= Oxford, U.S.A. =

Film about the de-segregation of Ole Miss

Oxford, U.S.A. is a 16 mm documentary film about the integration of the University of Mississippi in 1962. It promotes the segregationist cause by arguing that the federal government violated the U.S. Constitution it prohibitted segregation in public schools. Three prints of the film were purchased by the Mississippi Sovereignty Commission, a state agency established to defend and promote Mississippi's segregation practices against federal intervention in the wake of the U.S. Supreme Court's Brown v. Board of Education decision. A leader of the commission was scheduled to speak after a showing of the film. The commission also funded the 1960 film The Message from Mississippi promoting the segregationist "way of life".

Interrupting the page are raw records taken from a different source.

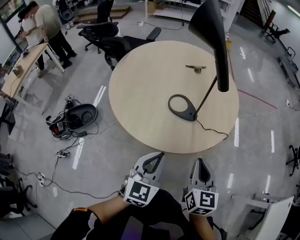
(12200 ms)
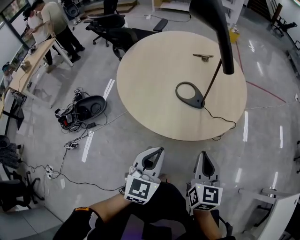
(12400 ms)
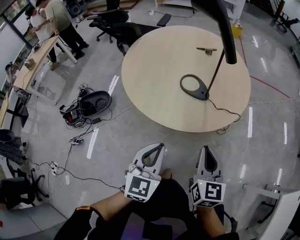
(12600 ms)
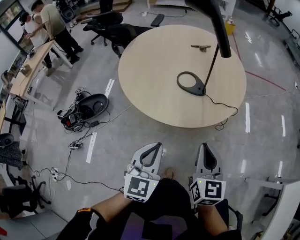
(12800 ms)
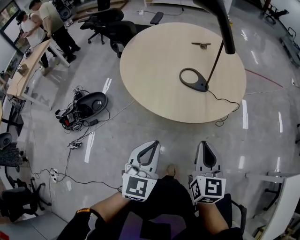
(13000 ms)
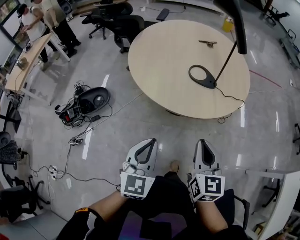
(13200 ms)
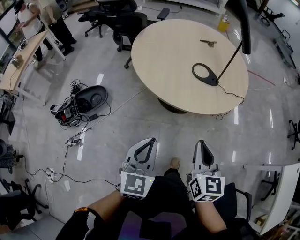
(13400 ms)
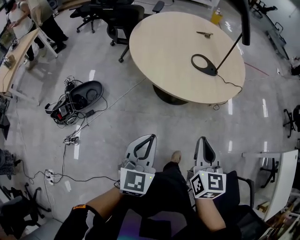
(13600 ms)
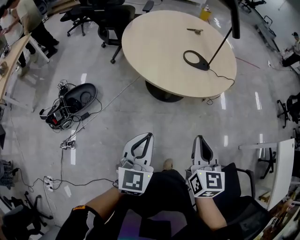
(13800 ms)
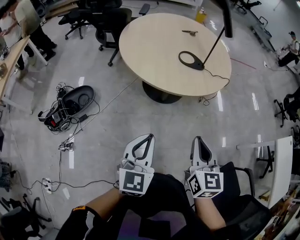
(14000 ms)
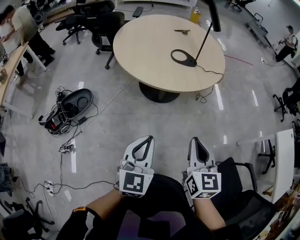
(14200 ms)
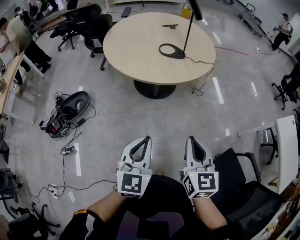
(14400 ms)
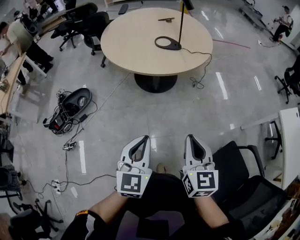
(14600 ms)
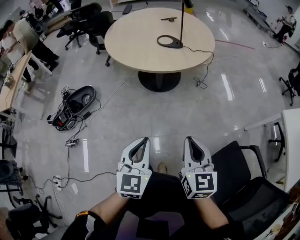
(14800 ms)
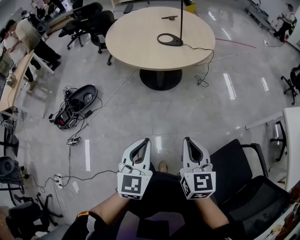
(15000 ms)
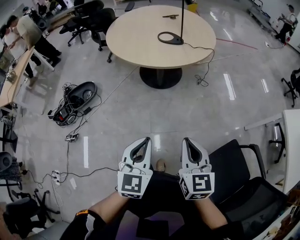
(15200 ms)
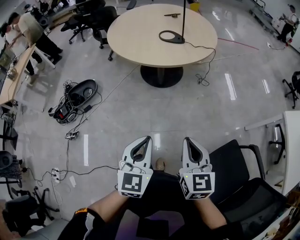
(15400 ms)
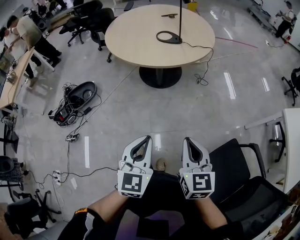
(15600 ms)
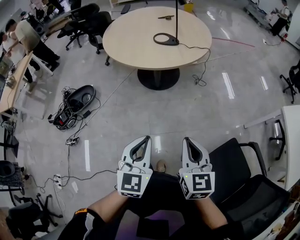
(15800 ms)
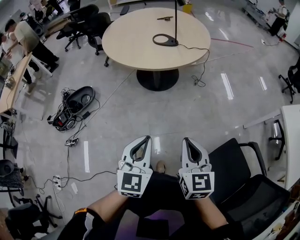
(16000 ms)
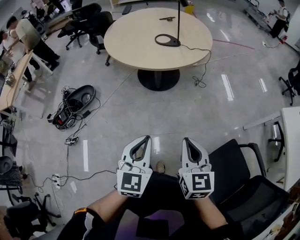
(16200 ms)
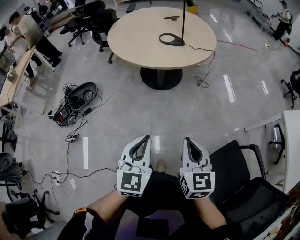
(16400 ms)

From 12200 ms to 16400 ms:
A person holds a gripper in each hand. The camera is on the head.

The forty three minute, 16 mm film, produced by Patrick M. Sims of Sims Associates, a Dallas, Texas based company, includes news footage and interviews with officials and politicians including Governor Ross Barnett, Lieutenant Governor Paul B. Johnson, Jr., and Attorney General Joe T. Patterson.
According to the University of Mississippi libraries, the film was advertised with screenings on April 24, 26, and 27, 1963.

Sovereignty Commission Director's reports catalogue its speakers bureau, pamphlets, newspaper propaganda program, and plans for an advertisement promoting the segregationist cause as well as screenings of the film.